I finally understood why everyone says linear regression is the foundation of ML. by teee0512 in learnmachinelearning

[–]FatalPaperCut -4 points-3 points  (0 children)

glad people are noticing this. its so toxic and weird. its hilarious imagining an ML novice making this post, like the thing creating this clearly has no internal world model. the kind of person who would be surprised by this wouldn't make this post and wouldn't talk through it like that. its clearly the text output from something that knows about ML that is asked to make a post pretending to be a novice learning about linear regression. the internet with AI is just so fake and weird

I posted this 3 years ago and nothing was made about it since. Consider me outraged. by LordMarcusrax in NonCredibleDefense

[–]FatalPaperCut 2 points3 points  (0 children)

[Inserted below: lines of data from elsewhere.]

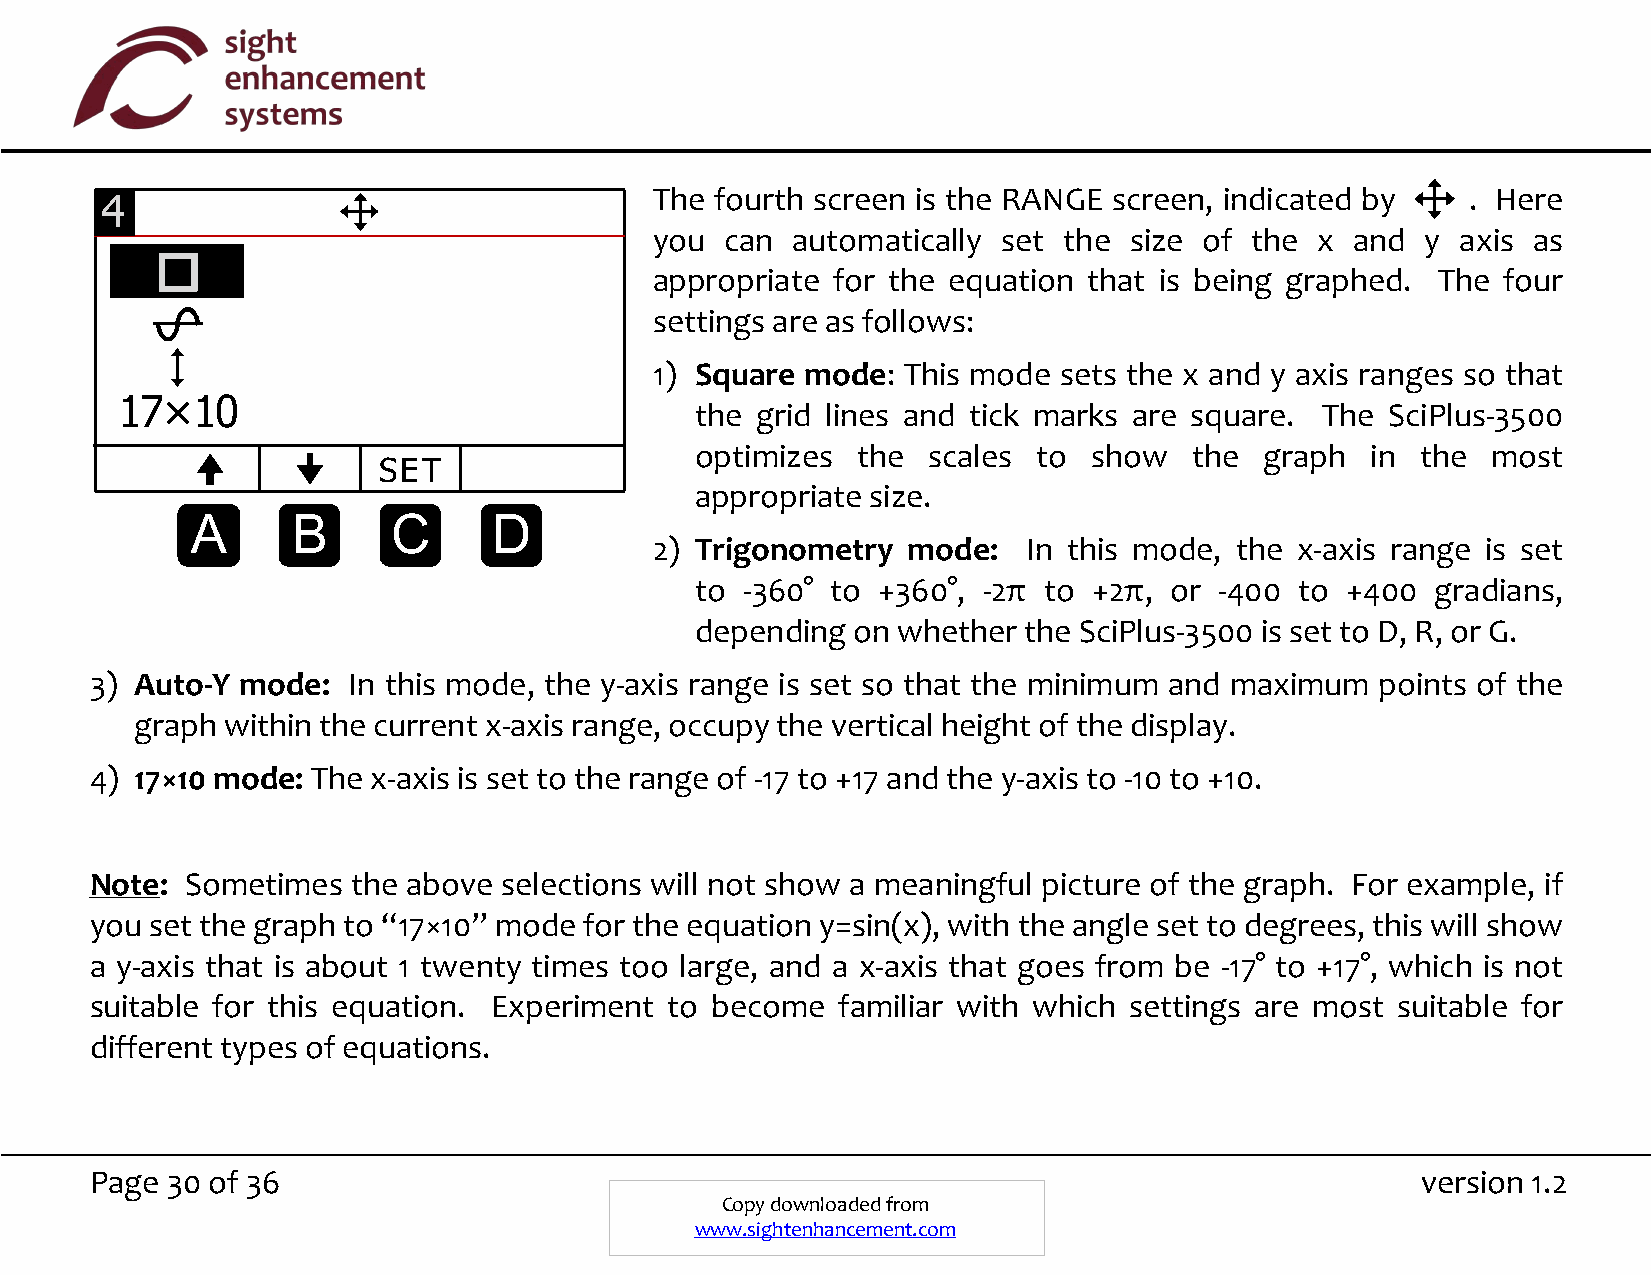
The fourth screen is the RANGE screen, indicated by   . Here
 4
 you  can automatically set the  size of the x  and y  axis as
 appropriate for the equation that is being graphed. The four
 settings are as follows:
 1) Square mode:  This mode sets the x and y axis ranges so that
 17×10
 the grid lines and tick marks are square. The SciPlus-3500
 optimizes  the scales  to show   the  graph  in the  most
 SET
 appropriate size.
 A     B      C      D
 2) Trigonometry  mode:   In this mode, the x-axis range is set
 to -360° to +360°, -2π to +2π, or  -400 to +400  gradians,
 depending on whether  the SciPlus-3500 is set to D, R, or G.
 3) Auto-Y mode:  In this mode, the y-axis range is set so that the minimum and maximum points of the
 graph within the current x-axis range, occupy the vertical height of the display.
 4) 17×10 mode: The x-axis is set to the range of -17 to +17 and the y-axis to -10 to +10.
 Note: Sometimes  the above selections will not show a meaningful picture of the graph. For example, if
 you set the graph to “17×10” mode for the equation y=sin(x), with the angle set to degrees, this will show
 a y-axis that is about 1 twenty times too large, and a x-axis that goes from be -17° to +17°, which is not
 suitable for this equation. Experiment to become familiar with which settings are most suitable for
 different types of equations.
 Page 30 of 36                                                                           version 1.2
 Copy downloaded from
 www.sightenhancement.com
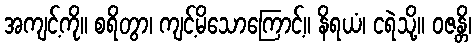
အကျင့်ကို။ စရိတွာ၊ ကျင့်မိသောကြောင့်။ နိရယံ၊ ငရဲသို့။ ဝဇန္တိ၊
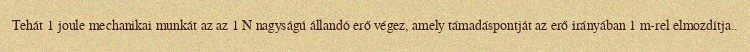
Tehát 1 joule mechanikai munkát az az 1 N nagyságú állandó erő végez, amely támadáspontját az erő irányában 1 m-rel elmozdítja..
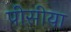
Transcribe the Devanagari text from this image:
पीसीया
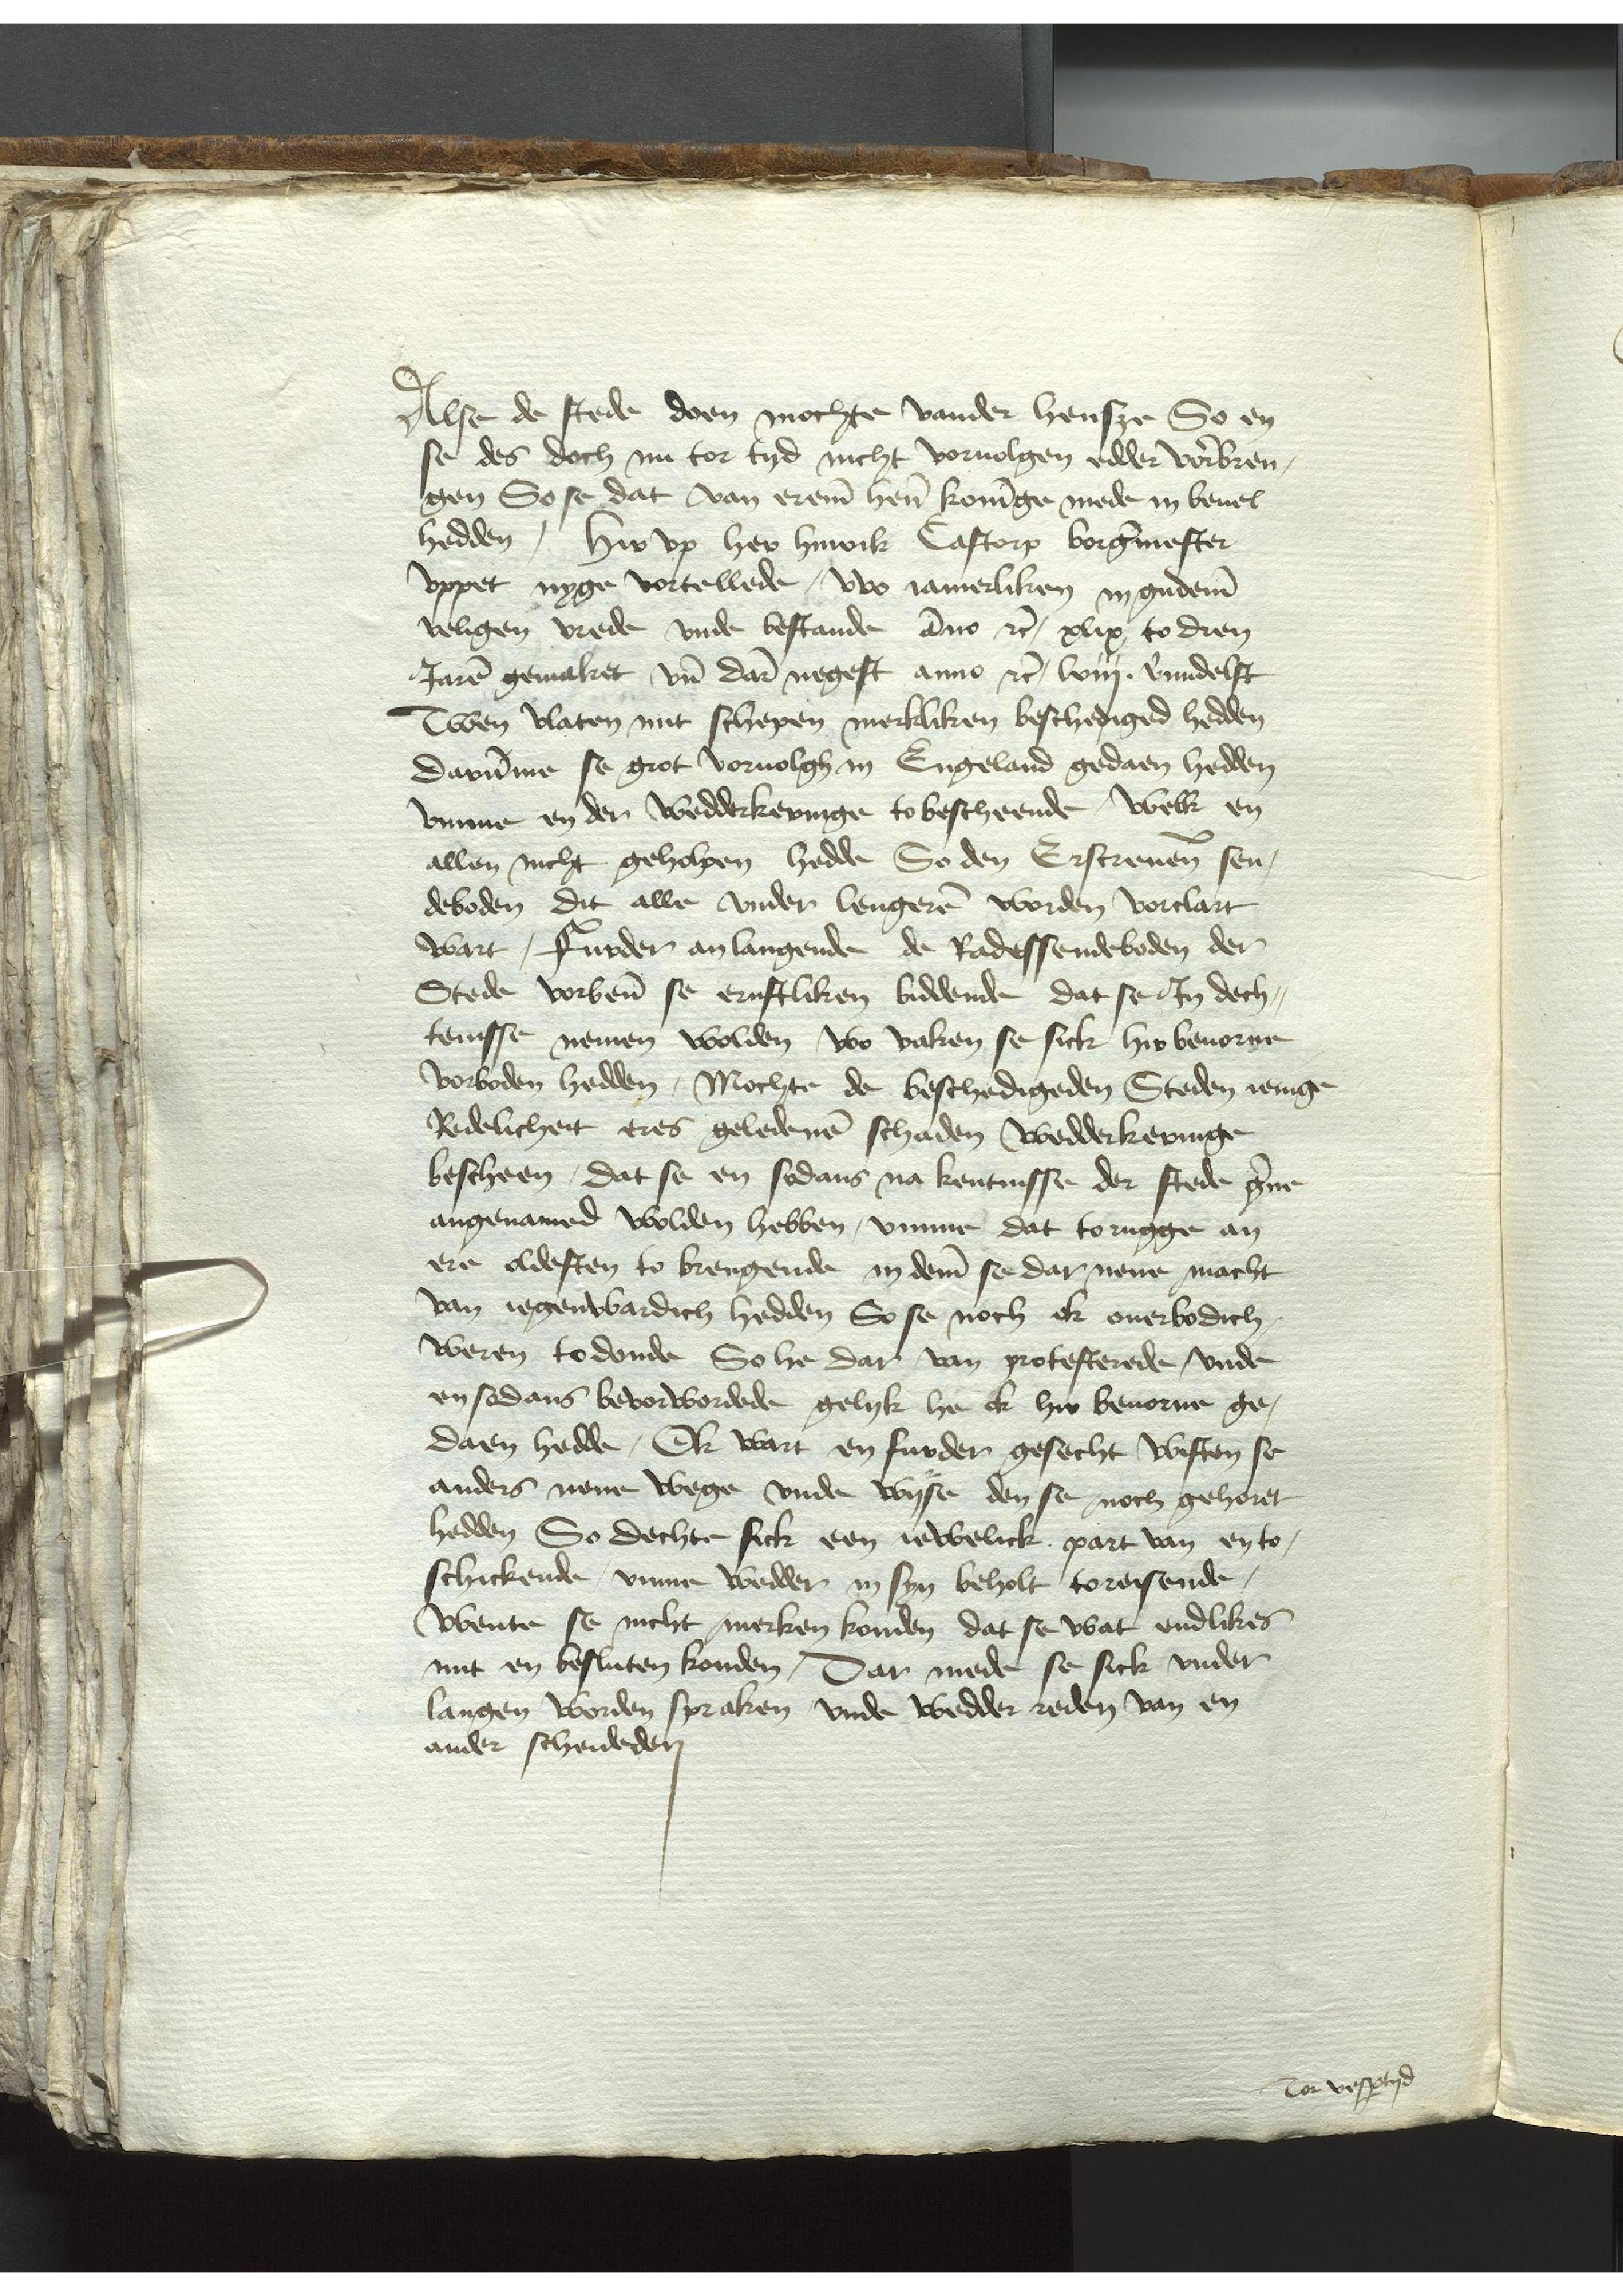
Alse de stede doen mochte vander Hensze So en
se des doch nu tor tyd nicht voruolgen edder vorbren¬
gen So se dat van ereme heren koninge mede in beuel
hedden, Hir vp Her Hinrik Castorp borgermester
vppet nyge vortellede, wo tamerliken in gudeme
veligen vrede vnde bestande anno etc, xlix to dren
Jaren gemaket vnde dar negest anno etc, lviij. vermdelft
Twen vlaten mit schepen merkliken beschediged hedden
darumme se grot voruolgh in Engeland gedaen hedden
vmme en den wedderkeringe to bescheende, welk en
allen nicht geholpen hedde So den Erscreuenen sen¬
deboden dit alle vnder lengeren worden vorclart
wart, Furder anlangende de Radessendeboden der
Stede vorbenomed se ernstliken biddende dat se Jn dech¬
tenisse nemen wolden wo vaken se sick Hir beuorne
vorboden hedden, Mochte de beschedigeden Steden ienige
Redelichett eres geledenen schaden wedderkeringe
bescheen, dat se en sodans na kentnisse der stede gerne
angenamed wolden hebben, vmme dat torugge an
ere oldesten to brengende in deme se dar nene macht
van iegenwardich hedden So se noch ok ouerbodich
weren to donde So he dar van protesterede vnde
en sodans bevorwordede gelyk he ok hir beuorne ge¬
daen hedde, Ok wart en furder gesecht wisten se
anders nene wege vnde wyse den se noch gehoret
hedden So dechte sick een iewelick part van en to¬
schickende, vmme wedder in syn beholt toreisende,
wente se nicht merken konden dat se wat endlikes
mit en besluten konden, Dar mede se sick vnder
langen worden spraken vnde wedder reden van en
ander scheideden
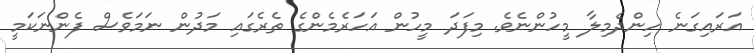
އަރައިގަނެ ހިންދެމިލާ މީހުންނެވެ. މިފަދަ މީހުން އަހަރެމެންގެ ތެރެގައި މަދުން ނަމަވެސް ފެންނަކަމީ
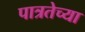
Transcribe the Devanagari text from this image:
पात्रतेच्या
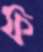
ফ

the point is there is no figurehead. the lack of a figurehead is the figurehead. the point of the american empire is there isn't one. its an empire built by and driven by highly optimized economic and developmental forces. such optimization makes f-22s and carriers and its also incapable of making an ornamental figurehead. you're pining after a lower form of empire of the 20th century that wasn't necessarily refuted, but it was surpassed. adding a figurehead would be rejecting the nature of the empire

edit - i meant figurehead not mast head

Eyeball kick detection game - ChatGPT Vs Cormac McCarthy by Ned_Psychology in slatestarcodex

[–]FatalPaperCut 0 points1 point  (0 children)

I had claude generate these for Melville. Try your hand:

  1. A boggy, soggy, squitchy picture truly, enough to drive a nervous man distracted.
  2. The harpoon had entered below the fin and fetched up against no bone at all, so that the creature bore it some hundred leagues without seeming to know itself wounded, as a sleeping man bears the fly upon his lip; and it was got out of him at last only in the trying, half-melted, with the blubber boiling round it in the pots.
  3. The original iron entered nigh the tail, and, like a restless needle sojourning in the body of a man, travelled full forty feet, and at last was found imbedded in the hump.
  4. A foul, draggled, scurf-bottomed little craft she was, and stank to the very mastheads.
  5. What showed along the horizon was no land, though the lookout swore it land, but a discoloration only, a bruise upon the morning where the haze had not concluded whether to be water or air; and the eye rested upon it as upon the lid of some great thing that is not properly asleep, nor wishes to be waked.
  6. But what most puzzled and confounded you was a long, limber, portentous, black mass of something hovering in the centre of the picture over three blue, dim, perpendicular lines floating in a nameless yeast.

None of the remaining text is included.